7. The system of claim 6, wherein the file system is further to:

in response to the determination that the request is not the first request from the user to append the immutable file, determine from a retention profile of the user whether the request is within a limit defined for the user to make the request to append the immutable file;

in response to the determination that the user is within the limit defined for the user to make the request to append the immutable file, modify the immutable file from the original state to the appendable state; and

in response to the determination that the user has reached the limit defined for the user to make the request to append the immutable file, decline the request from the user to modify the immutable file from the original state to the appendable state.

8. The system of claim 7, wherein the retention policy module is further to store the retention profile of the user.
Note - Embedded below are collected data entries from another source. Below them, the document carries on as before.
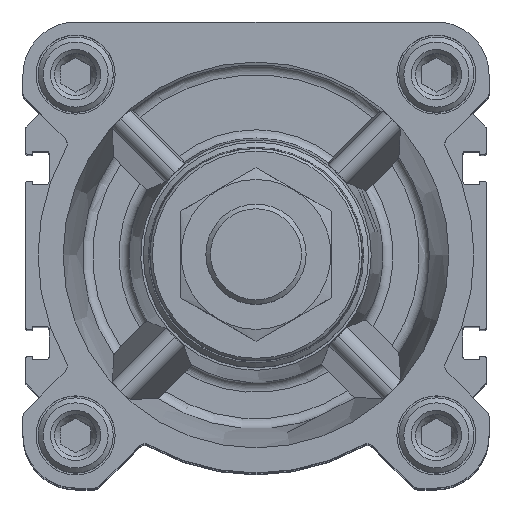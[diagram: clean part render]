
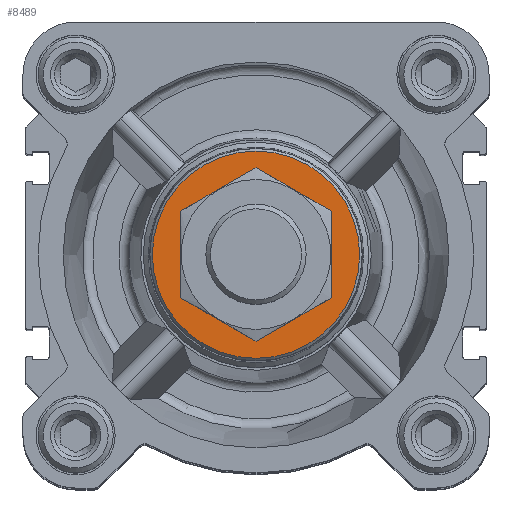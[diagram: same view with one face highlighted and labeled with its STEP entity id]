
A CAD part, top view. The second image highlights one B-rep face of the part: STEP entity #8489.
In plain terms, the highlighted planar face has unit normal (0, 0, 1).
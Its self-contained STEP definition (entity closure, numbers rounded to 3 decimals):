
#1544=PLANE('',#9352);
#1955=CIRCLE('',#9353,20.686);
#1956=CIRCLE('',#9354,12.5);
#3878=ORIENTED_EDGE('',*,*,#5429,.F.);
#3879=ORIENTED_EDGE('',*,*,#5430,.T.);
#5429=EDGE_CURVE('',#6350,#6350,#1955,.T.);
#5430=EDGE_CURVE('',#6351,#6351,#1956,.T.);
#6350=VERTEX_POINT('',#14503);
#6351=VERTEX_POINT('',#14505);
#7056=EDGE_LOOP('',(#3878));
#7057=EDGE_LOOP('',(#3879));
#7695=FACE_BOUND('',#7056,.T.);
#7696=FACE_BOUND('',#7057,.T.);
#8489=ADVANCED_FACE('',(#7695,#7696),#1544,.F.);
#9352=AXIS2_PLACEMENT_3D('',#14501,#11427,#11428);
#9353=AXIS2_PLACEMENT_3D('',#14502,#11429,#11430);
#9354=AXIS2_PLACEMENT_3D('',#14504,#11431,#11432);
#11427=DIRECTION('',(0.,0.,-1.));
#11428=DIRECTION('',(-1.,0.,0.));
#11429=DIRECTION('',(0.,0.,-1.));
#11430=DIRECTION('',(-1.,0.,0.));
#11431=DIRECTION('',(0.,0.,-1.));
#11432=DIRECTION('',(-1.,0.,0.));
#14501=CARTESIAN_POINT('',(0.,0.,34.2));
#14502=CARTESIAN_POINT('',(0.,0.,34.2));
#14503=CARTESIAN_POINT('',(-20.686,0.,34.2));
#14504=CARTESIAN_POINT('',(0.,0.,34.2));
#14505=CARTESIAN_POINT('',(-12.5,0.,34.2));

9. The system of claim 6, wherein:

the retention policy module is further to store a limit defined on number of processes that are allowed to simultaneously access the immutable file during the appendable state; and

in response to a determination that the limit on number of processes that are allowed to simultaneously access the immutable file during the appendable state is reached, the file system is to restrict further access to the immutable file during the appendable state.
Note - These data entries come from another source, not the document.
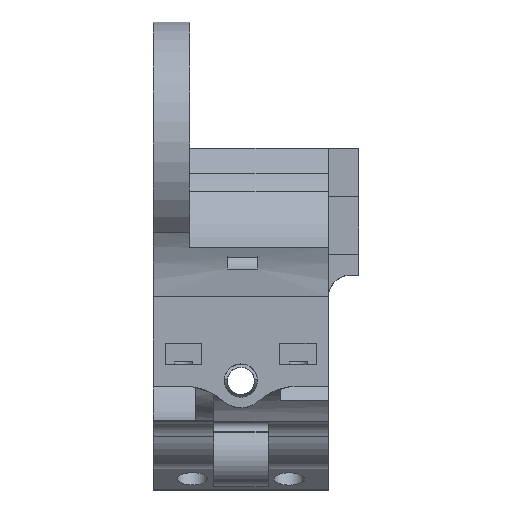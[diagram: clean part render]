
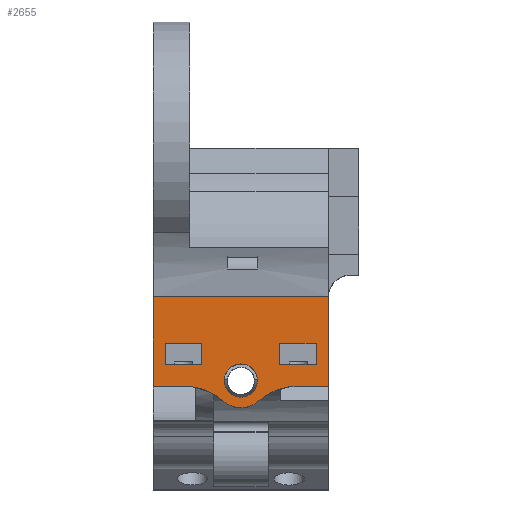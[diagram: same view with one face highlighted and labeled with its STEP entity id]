
A CAD part, top view. The second image highlights one B-rep face of the part: STEP entity #2655.
In plain terms, the highlighted planar face has unit normal (0, 0, 1).
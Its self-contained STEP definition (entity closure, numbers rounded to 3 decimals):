
#63=FACE_BOUND('',#385,.T.);
#64=FACE_BOUND('',#386,.T.);
#65=FACE_BOUND('',#387,.T.);
#144=PLANE('',#2887);
#244=FACE_OUTER_BOUND('',#384,.T.);
#384=EDGE_LOOP('',(#2102,#2103,#2104,#2105,#2106,#2107,#2108,#2109));
#385=EDGE_LOOP('',(#2110));
#386=EDGE_LOOP('',(#2111,#2112,#2113,#2114));
#387=EDGE_LOOP('',(#2115,#2116,#2117,#2118));
#504=LINE('',#3830,#733);
#578=LINE('',#4150,#807);
#581=LINE('',#4157,#810);
#585=LINE('',#4168,#814);
#587=LINE('',#4171,#816);
#588=LINE('',#4175,#817);
#591=LINE('',#4182,#820);
#595=LINE('',#4193,#824);
#597=LINE('',#4196,#826);
#617=LINE('',#4302,#846);
#623=LINE('',#4325,#852);
#627=LINE('',#4363,#856);
#631=LINE('',#4372,#860);
#733=VECTOR('',#3037,10.);
#807=VECTOR('',#3293,10.);
#810=VECTOR('',#3300,10.);
#814=VECTOR('',#3310,10.);
#816=VECTOR('',#3314,10.);
#817=VECTOR('',#3317,10.);
#820=VECTOR('',#3324,10.);
#824=VECTOR('',#3334,10.);
#826=VECTOR('',#3338,10.);
#846=VECTOR('',#3404,10.);
#852=VECTOR('',#3414,10.);
#856=VECTOR('',#3440,19.75);
#860=VECTOR('',#3450,10.);
#1012=CIRCLE('',#2864,9.5);
#1019=CIRCLE('',#2875,9.5);
#1020=CIRCLE('',#2877,4.5);
#1021=CIRCLE('',#2879,2.75);
#1094=VERTEX_POINT('',#3827);
#1095=VERTEX_POINT('',#3829);
#1197=VERTEX_POINT('',#4148);
#1198=VERTEX_POINT('',#4149);
#1200=VERTEX_POINT('',#4156);
#1204=VERTEX_POINT('',#4167);
#1205=VERTEX_POINT('',#4173);
#1206=VERTEX_POINT('',#4174);
#1208=VERTEX_POINT('',#4181);
#1212=VERTEX_POINT('',#4192);
#1227=VERTEX_POINT('',#4270);
#1228=VERTEX_POINT('',#4272);
#1237=VERTEX_POINT('',#4299);
#1238=VERTEX_POINT('',#4301);
#1244=VERTEX_POINT('',#4327);
#1245=VERTEX_POINT('',#4333);
#1250=VERTEX_POINT('',#4361);
#1358=EDGE_CURVE('',#1095,#1094,#504,.T.);
#1491=EDGE_CURVE('',#1197,#1198,#578,.T.);
#1495=EDGE_CURVE('',#1200,#1197,#581,.T.);
#1501=EDGE_CURVE('',#1204,#1200,#585,.T.);
#1503=EDGE_CURVE('',#1198,#1204,#587,.T.);
#1504=EDGE_CURVE('',#1205,#1206,#588,.T.);
#1508=EDGE_CURVE('',#1208,#1205,#591,.T.);
#1514=EDGE_CURVE('',#1212,#1208,#595,.T.);
#1516=EDGE_CURVE('',#1206,#1212,#597,.T.);
#1540=EDGE_CURVE('',#1228,#1227,#1012,.T.);
#1553=EDGE_CURVE('',#1238,#1237,#617,.T.);
#1561=EDGE_CURVE('',#1227,#1095,#623,.T.);
#1563=EDGE_CURVE('',#1237,#1244,#1019,.T.);
#1564=EDGE_CURVE('',#1244,#1228,#1020,.T.);
#1565=EDGE_CURVE('',#1245,#1245,#1021,.T.);
#1573=EDGE_CURVE('',#1250,#1094,#627,.T.);
#1578=EDGE_CURVE('',#1250,#1238,#631,.T.);
#2102=ORIENTED_EDGE('',*,*,#1540,.T.);
#2103=ORIENTED_EDGE('',*,*,#1561,.T.);
#2104=ORIENTED_EDGE('',*,*,#1358,.T.);
#2105=ORIENTED_EDGE('',*,*,#1573,.F.);
#2106=ORIENTED_EDGE('',*,*,#1578,.T.);
#2107=ORIENTED_EDGE('',*,*,#1553,.T.);
#2108=ORIENTED_EDGE('',*,*,#1563,.T.);
#2109=ORIENTED_EDGE('',*,*,#1564,.T.);
#2110=ORIENTED_EDGE('',*,*,#1565,.T.);
#2111=ORIENTED_EDGE('',*,*,#1491,.T.);
#2112=ORIENTED_EDGE('',*,*,#1503,.T.);
#2113=ORIENTED_EDGE('',*,*,#1501,.T.);
#2114=ORIENTED_EDGE('',*,*,#1495,.T.);
#2115=ORIENTED_EDGE('',*,*,#1504,.T.);
#2116=ORIENTED_EDGE('',*,*,#1516,.T.);
#2117=ORIENTED_EDGE('',*,*,#1514,.T.);
#2118=ORIENTED_EDGE('',*,*,#1508,.T.);
#2655=ADVANCED_FACE('',(#244,#63,#64,#65),#144,.T.);
#2864=AXIS2_PLACEMENT_3D('',#4273,#3382,#3383);
#2875=AXIS2_PLACEMENT_3D('',#4329,#3418,#3419);
#2877=AXIS2_PLACEMENT_3D('',#4331,#3422,#3423);
#2879=AXIS2_PLACEMENT_3D('',#4334,#3426,#3427);
#2887=AXIS2_PLACEMENT_3D('',#4371,#3448,#3449);
#3037=DIRECTION('',(0.,1.,0.));
#3293=DIRECTION('',(0.,1.,0.));
#3300=DIRECTION('',(-1.,0.,0.));
#3310=DIRECTION('',(0.,-1.,0.));
#3314=DIRECTION('',(1.,0.,0.));
#3317=DIRECTION('',(0.,1.,0.));
#3324=DIRECTION('',(-1.,0.,0.));
#3334=DIRECTION('',(0.,-1.,0.));
#3338=DIRECTION('',(1.,0.,0.));
#3382=DIRECTION('center_axis',(0.,0.,-1.));
#3383=DIRECTION('ref_axis',(-0.356,0.935,0.));
#3404=DIRECTION('',(1.,0.,0.));
#3414=DIRECTION('',(1.,0.,0.));
#3418=DIRECTION('center_axis',(0.,0.,-1.));
#3419=DIRECTION('ref_axis',(0.356,0.935,0.));
#3422=DIRECTION('center_axis',(0.,0.,1.));
#3423=DIRECTION('ref_axis',(-1.,0.,0.));
#3426=DIRECTION('center_axis',(0.,0.,-1.));
#3427=DIRECTION('ref_axis',(-1.,0.,0.));
#3440=DIRECTION('',(1.,0.,0.));
#3448=DIRECTION('center_axis',(0.,0.,1.));
#3449=DIRECTION('ref_axis',(-1.,0.,0.));
#3450=DIRECTION('',(0.,-1.,0.));
#3827=CARTESIAN_POINT('',(14.5,13.877,69.));
#3829=CARTESIAN_POINT('',(14.5,-0.952,69.));
#3830=CARTESIAN_POINT('',(14.5,-0.952,69.));
#4148=CARTESIAN_POINT('',(6.444,2.639,69.));
#4149=CARTESIAN_POINT('',(6.444,6.139,69.));
#4150=CARTESIAN_POINT('',(6.444,6.582,69.));
#4156=CARTESIAN_POINT('',(12.444,2.639,69.));
#4157=CARTESIAN_POINT('',(6.222,2.639,69.));
#4167=CARTESIAN_POINT('',(12.444,6.139,69.));
#4168=CARTESIAN_POINT('',(12.444,8.332,69.));
#4171=CARTESIAN_POINT('',(3.222,6.139,69.));
#4173=CARTESIAN_POINT('',(-12.444,2.639,69.));
#4174=CARTESIAN_POINT('',(-12.444,6.139,69.));
#4175=CARTESIAN_POINT('',(-12.444,6.582,69.));
#4181=CARTESIAN_POINT('',(-6.444,2.639,69.));
#4182=CARTESIAN_POINT('',(-3.222,2.639,69.));
#4192=CARTESIAN_POINT('',(-6.444,6.139,69.));
#4193=CARTESIAN_POINT('',(-6.444,8.332,69.));
#4196=CARTESIAN_POINT('',(-6.222,6.139,69.));
#4270=CARTESIAN_POINT('',(9.314,-0.952,69.));
#4272=CARTESIAN_POINT('',(2.994,-3.36,69.));
#4273=CARTESIAN_POINT('Origin',(9.314,-10.452,69.));
#4299=CARTESIAN_POINT('',(-9.314,-0.952,69.));
#4301=CARTESIAN_POINT('',(-14.5,-0.952,69.));
#4302=CARTESIAN_POINT('',(-14.5,-0.952,69.));
#4325=CARTESIAN_POINT('',(-14.5,-0.952,69.));
#4327=CARTESIAN_POINT('',(-2.994,-3.36,69.));
#4329=CARTESIAN_POINT('Origin',(-9.314,-10.452,69.));
#4331=CARTESIAN_POINT('Origin',(0.,0.,69.));
#4333=CARTESIAN_POINT('',(2.75,0.,69.));
#4334=CARTESIAN_POINT('Origin',(0.,0.,69.));
#4361=CARTESIAN_POINT('',(-14.5,13.877,69.));
#4363=CARTESIAN_POINT('',(-14.5,13.877,69.));
#4371=CARTESIAN_POINT('Origin',(0.,10.524,69.));
#4372=CARTESIAN_POINT('',(-14.5,22.,69.));

10. The system of claim 6, further comprising:

a hash generator module to generate a baseline checksum of the immutable file prior to appending the immutable file during the appendable state; and

a validation module to use the baseline checksum of the immutable file to validate the immutable file during a validation scan performed subsequent to the time period.

11. The system of claim 10, further comprising a database to store the baseline checksum of the immutable file.
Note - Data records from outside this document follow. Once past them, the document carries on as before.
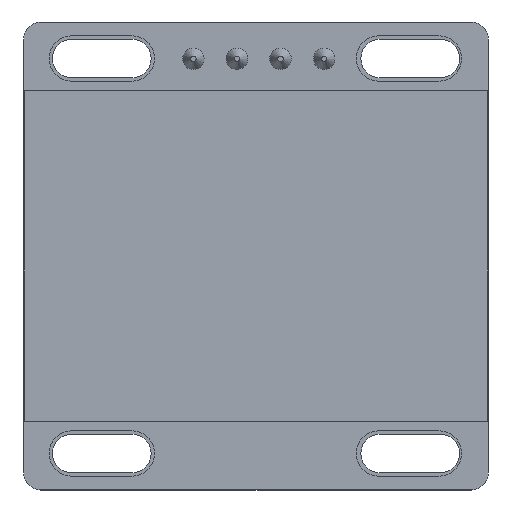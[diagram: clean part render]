
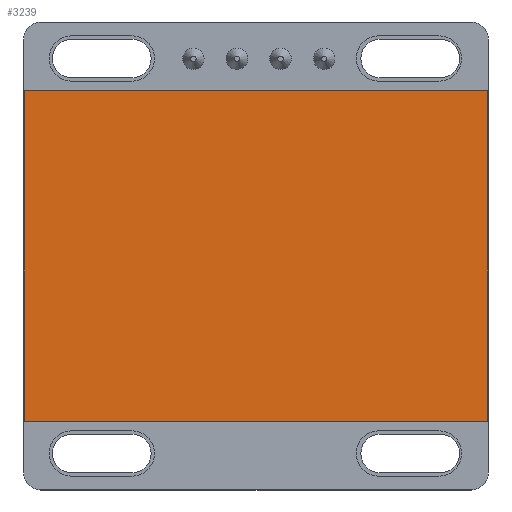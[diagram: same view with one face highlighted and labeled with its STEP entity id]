
A CAD part, top view. The second image highlights one B-rep face of the part: STEP entity #3239.
In plain terms, the highlighted planar face has unit normal (0, 0, 1).
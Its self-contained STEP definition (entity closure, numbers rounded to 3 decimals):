
#144=PLANE('',#3598);
#333=FACE_OUTER_BOUND('',#547,.T.);
#547=EDGE_LOOP('',(#2695,#2696,#2697,#2698));
#843=LINE('',#5454,#1134);
#844=LINE('',#5456,#1135);
#845=LINE('',#5458,#1136);
#846=LINE('',#5459,#1137);
#1134=VECTOR('',#4456,10.);
#1135=VECTOR('',#4457,10.);
#1136=VECTOR('',#4458,10.);
#1137=VECTOR('',#4459,10.);
#1568=VERTEX_POINT('',#5452);
#1569=VERTEX_POINT('',#5453);
#1570=VERTEX_POINT('',#5455);
#1571=VERTEX_POINT('',#5457);
#1980=EDGE_CURVE('',#1568,#1569,#843,.T.);
#1981=EDGE_CURVE('',#1569,#1570,#844,.T.);
#1982=EDGE_CURVE('',#1570,#1571,#845,.T.);
#1983=EDGE_CURVE('',#1571,#1568,#846,.T.);
#2695=ORIENTED_EDGE('',*,*,#1980,.T.);
#2696=ORIENTED_EDGE('',*,*,#1981,.T.);
#2697=ORIENTED_EDGE('',*,*,#1982,.T.);
#2698=ORIENTED_EDGE('',*,*,#1983,.T.);
#3239=ADVANCED_FACE('',(#333),#144,.T.);
#3598=AXIS2_PLACEMENT_3D('',#5451,#4454,#4455);
#4454=DIRECTION('center_axis',(0.,0.,1.));
#4455=DIRECTION('ref_axis',(1.,0.,0.));
#4456=DIRECTION('',(1.,0.,0.));
#4457=DIRECTION('',(0.,1.,0.));
#4458=DIRECTION('',(-1.,0.,0.));
#4459=DIRECTION('',(0.,-1.,0.));
#5451=CARTESIAN_POINT('Origin',(0.,0.,1.5));
#5452=CARTESIAN_POINT('',(-13.5,-9.625,1.5));
#5453=CARTESIAN_POINT('',(13.5,-9.625,1.5));
#5454=CARTESIAN_POINT('',(13.5,-9.625,1.5));
#5455=CARTESIAN_POINT('',(13.5,9.625,1.5));
#5456=CARTESIAN_POINT('',(13.5,9.625,1.5));
#5457=CARTESIAN_POINT('',(-13.5,9.625,1.5));
#5458=CARTESIAN_POINT('',(-13.5,9.625,1.5));
#5459=CARTESIAN_POINT('',(-13.5,-9.625,1.5));

12. A non-transitory machine-readable storage medium comprising instructions for managing appendable state of an immutable file, the instructions executable by a processor to:

receive a request to append an immutable file at a file access time;

determine whether the request is a first request to append the immutable file;

in response to the determination that the request is the first request to append the immutable file, modify the immutable file from an immutable state to an appendable state, wherein the immutable file is appendable during the appendable state;

define a time period for the immutable file to remain in the appendable state;

determine whether the immutable file is accessed during the time period; and

in response to the determination that the immutable file is not accessed during the time period, revert the immutable file from the appendable state to the immutable state upon expiration of the time period.

13. The storage medium of claim 12, further comprising instructions to revert the immutable file from the appendable state to the original state upon first file access of the immutable file after the expiration of the time period.

14. The storage medium of claim 12, further comprising instructions to store the time period defined for the immutable file to remain in the appendable state as an extended file attribute of the immutable file.

15. The storage medium of claim 12, further comprising instructions to restrict further modification of the immutable file from the original state to the appendable state subsequent to completion of the time period defined for the immutable file to remain in the appendable state.